■ **Work order**
Only the lines from the start of the data to the line containing "Faces by surface type: plane", both included, should be output, exactly and without pictures.

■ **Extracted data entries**
• • • • • • •

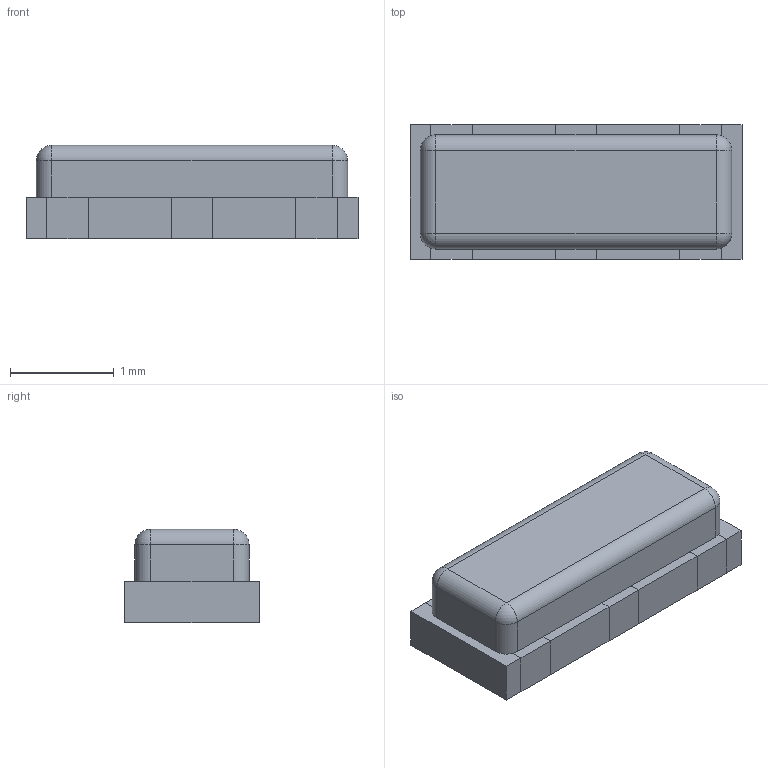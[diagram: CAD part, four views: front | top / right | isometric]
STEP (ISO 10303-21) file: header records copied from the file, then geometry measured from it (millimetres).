
FILE_DESCRIPTION(/* description */ (''),/* implementation_level */ '2;1');
FILE_NAME(/* name */ 'resonator_3.2x1.3mm.step',/* time_stamp */ '2019-11-04T18:55:35+01:00',/* author */ (''),/* organization */ (''),/* preprocessor_version */ 'ST-DEVELOPER v18',/* originating_system */ 'Autodesk Translation Framework v8.6.0.1094',/* authorisation */ '');
FILE_SCHEMA (('AUTOMOTIVE_DESIGN { 1 0 10303 214 3 1 1 }'));
Length unit declared in the file: millimetre
Products named in the file (1): 3.2x1.3_resonator
Bounding box: 3.2 x 1.3 x 0.9 mm (x, y, z)
Volume: 3.3 mm3; surface area: 28.2 mm2
Topology: 8 solids, 8 shells, 60 faces, 120 edges, 76 vertices
Faces by surface type: plane 48, cylinder 8, sphere 4
Entity records: 1571 total; most frequent: DIRECTION 258, CARTESIAN_POINT 257, ORIENTED_EDGE 240, EDGE_CURVE 120, LINE 104, VECTOR 104, AXIS2_PLACEMENT_3D 77, VERTEX_POINT 76
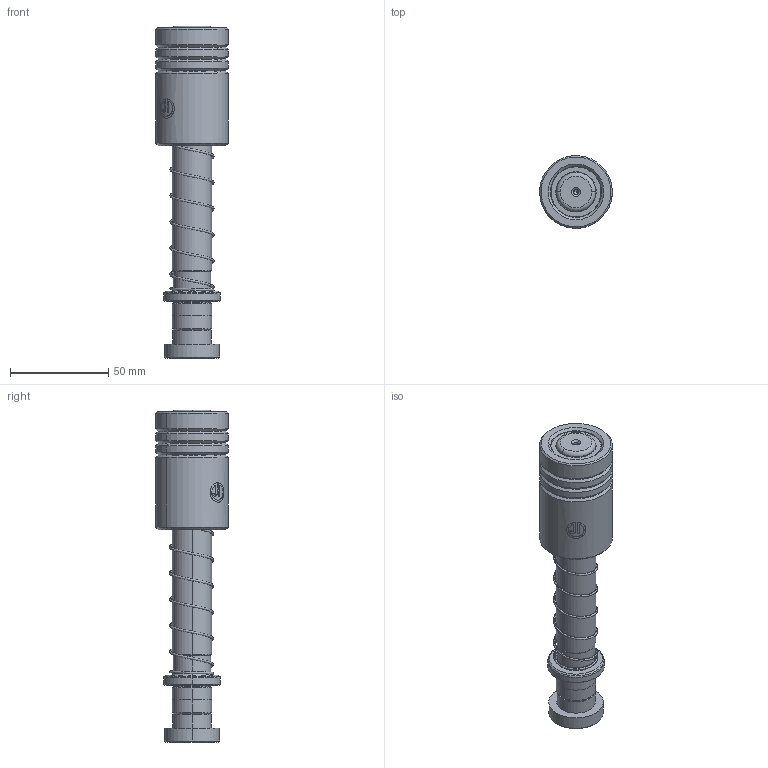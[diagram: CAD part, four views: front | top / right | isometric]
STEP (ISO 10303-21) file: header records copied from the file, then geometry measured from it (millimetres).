
FILE_DESCRIPTION (( 'STEP AP214' ), '1' );
FILE_NAME ('HBSH(HBJH)-D20-L140(BL-60).STEP', '2021-08-13T07:34:16', ( '' ), ( '' ), 'SwSTEP 2.0', 'SolidWorks 2016', '' );
FILE_SCHEMA (( 'AUTOMOTIVE_DESIGN' ));
Length unit declared in the file: millimetre
Products named in the file (191): BALL-D3; DRP蹟簽D20; BSH-D25.5-20.5-50郪蚾; BSH25.5-20.5-L50; DRP-D20-L140; TBB-D37-d26-L60; HBSH(HBJH)-D20-L140(BL-60); HWP-D22.5-d20.5-L80
Assembly tree (185 placements, depth 3):
  BALL-D3
  BALL-D3
  BALL-D3
  BALL-D3
  BALL-D3
Bounding box: 36.88 x 36.88 x 169 mm (x, y, z)
Volume: 93645.9 mm3; surface area: 45064.7 mm2
Topology: 181 solids, 181 shells, 848 faces, 3533 edges, 2338 vertices
Faces by surface type: sphere 704, cylinder 42, cone 40, torus 24, plane 24, bspline 14
Entity records: 36203 total; most frequent: CARTESIAN_POINT 20088, ORIENTED_EDGE 2824, DIRECTION 2500, EDGE_CURVE 1412, AXIS2_PLACEMENT_3D 1195, VERTEX_POINT 918, EDGE_LOOP 848, B_SPLINE_CURVE_WITH_KNOTS 785

• • • • • • •

■ **Answer to the problem**
[diagram: CAD part, four views: front | top / right | isometric]
STEP (ISO 10303-21) file: header records copied from the file, then geometry measured from it (millimetres).
FILE_DESCRIPTION(/* description */ (''),/* implementation_level */ '2;1');
FILE_NAME(/* name */ 'resonator_3.2x1.3mm.step',/* time_stamp */ '2019-11-04T18:55:35+01:00',/* author */ (''),/* organization */ (''),/* preprocessor_version */ 'ST-DEVELOPER v18',/* originating_system */ 'Autodesk Translation Framework v8.6.0.1094',/* authorisation */ '');
FILE_SCHEMA (('AUTOMOTIVE_DESIGN { 1 0 10303 214 3 1 1 }'));
Length unit declared in the file: millimetre
Products named in the file (1): 3.2x1.3_resonator
Bounding box: 3.2 x 1.3 x 0.9 mm (x, y, z)
Volume: 3.3 mm3; surface area: 28.2 mm2
Topology: 8 solids, 8 shells, 60 faces, 120 edges, 76 vertices
Faces by surface type: plane 48, cylinder 8, sphere 4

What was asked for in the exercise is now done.